# Notebook Tastatur geht nicht mehr nach Aufschrauben.



## NeymarTorres (29. März 2016)

Hallo langsam denke ich echt das HP Pro Book 4520s ist verflucht. Erst wird es EXTREM Warm dann mach ich eine neue Leitpaste drauf und die Temperaturen sind im grünen Bereich, und jetzt nach dem Zusammen Schrauben geht die *P, ä, ö, und ü* Taste nicht mehr alle andren gehen. 

Ich hab einige Tasten der Tastatur gelupft und mit dem Mund reingeblasen in der Hoffnung das es dann wieder geht. (was schonmal funktionierte). 

Doch es geht einfach nicht. 

Egal wie oft ich die Tastatur wieder reinschiebe und Festschraube immer die P,ä,ö, und ü taste reagieren nicht. 

Was ist das?

Und Plötzlich tauchte im Laptop eine *Büroklammer* auf  wovon ist die nun Abgefallen? 

Ich bin langsam echt am Durchdrehen, ich habe nichts gemacht auser die *Wärmeleitpaste* erneuert und alles wieder zusammen geschraubt.


----------



## DarfVadder (29. März 2016)

Hast du vielleicht irgendwelche Kontakte versehentlich verbogen oder beschädigt?
Weil die Tasten die nicht funktionieren liegen ja alle nebeneinander.


----------



## Computer_Freak (29. März 2016)

Hallo 

Tastaturen sind meist mit Flachbandkabel (flachbandkabel - Google-Suche) angeschlossen.
Die lösen sich schon bei leichtem Zug oder sitzen dann nicht mehr ganz gerade, was zu dir passen würde weil nur einige Tasten nicht funktionieren.

Also nochmal aufmachen und alles kontrolieren.


----------



## NeymarTorres (29. März 2016)

DarfVadder schrieb:


> Hast du vielleicht irgendwelche Kontakte versehentlich verbogen oder beschädigt?
> Weil die Tasten die nicht funktionieren liegen ja alle nebeneinander.



Puh nicht das ich wüsste  Das Problem hatte ich schon beim ersten mal nachdem ich zuviel von der Leitpaste auf den CPU auftrug und wieder zusammen schraubte ging auch die *P Taste und ä Taste nicht * dann habe ich mit einem Schraubenzieher leicht angelupft das Gerippe und rein gepustet und dann wieder eingebaut dann ging es auf einmal  Doch da ich die Paste (wegen Zuviel Aufgetragen) erneuern musste hab ich Ihn wieder aufgeschraubt und jetzt merkte ich das P nicht geht genauso wie 0, F5, ä, ö, ü  Alle andren gehen. 

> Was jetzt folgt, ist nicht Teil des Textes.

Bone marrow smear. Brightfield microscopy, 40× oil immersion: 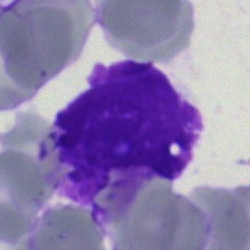
The cell shown is an artefact.
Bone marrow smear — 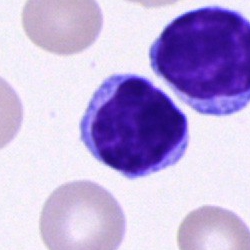
Cell = typical lymphocyte.
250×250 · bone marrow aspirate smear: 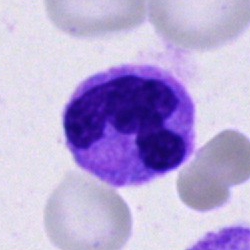Classification = polymorphonuclear neutrophil.
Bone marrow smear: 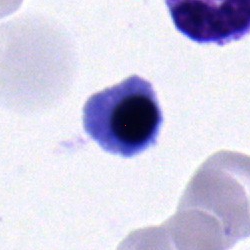Showing a normoblast.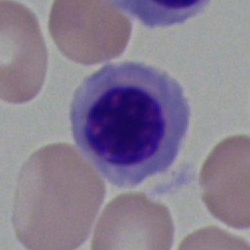 Q: Identify the cell.
A: Nucleated red cell.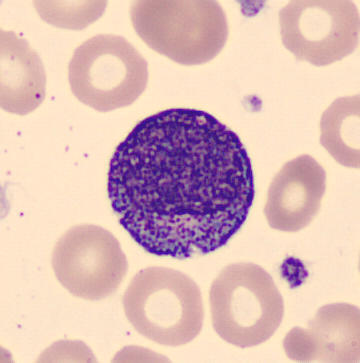
The cell shown is a promyelocyte.
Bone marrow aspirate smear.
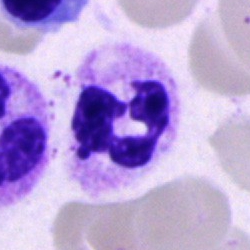

{"cell_type": "polymorphonuclear neutrophil", "lineage": "myeloid"}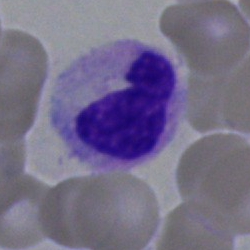 Q: What cell is this?
A: This is a band-form neutrophil.
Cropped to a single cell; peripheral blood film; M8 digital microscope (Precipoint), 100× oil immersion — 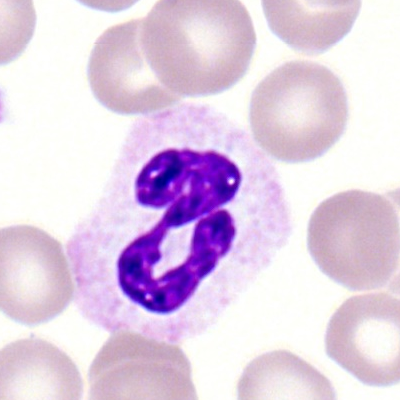 The cell shown is a neutrophil (segmented).
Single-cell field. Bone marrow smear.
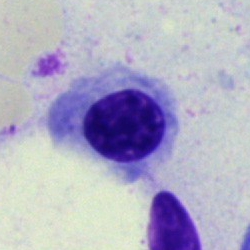 Q: What type of cell is this?
A: It is a normoblast.

Hab auch die P Taste mal weg gemacht und rein gepupstet war aber kaum Staub drunter. 

Das Breitbandkabel der Tastatur hat ein Paar Knicke hab ich gesehen aber ansonsten ist es Intakt und hat keine Risse etc. Habs auch schon paar mal wieder in den Sockel eingesteckt ohne Erfolg.



Computer_Freak schrieb:


> Hallo
> 
> Tastaturen sind meist mit Flachbandkabel (flachbandkabel - Google-Suche) angeschlossen.
> Die lösen sich schon bei leichtem Zug oder sitzen dann nicht mehr ganz gerade, was zu dir passen würde weil nur einige Tasten nicht funktionieren.
> ...



Mhm ich habs in den Sockel richtig rein gemacht, kanns nochmals raus und rein machen glaub aber nicht das das was bringt  

Siehe andren Post oben. Danke.

Ok. Gerade nochmals den Laptop geöffnet und das Kabel fein säuberlich neu eingesteckt und vorher den Schlitz wo es reinkommt ausgepustet und gekuckt ob am Kabel Dreck etc dran ist. Alles ohne Erfolg weiter die *P, ä,ü,ö, und F5 sowie 0 Taste* gehen nicht. 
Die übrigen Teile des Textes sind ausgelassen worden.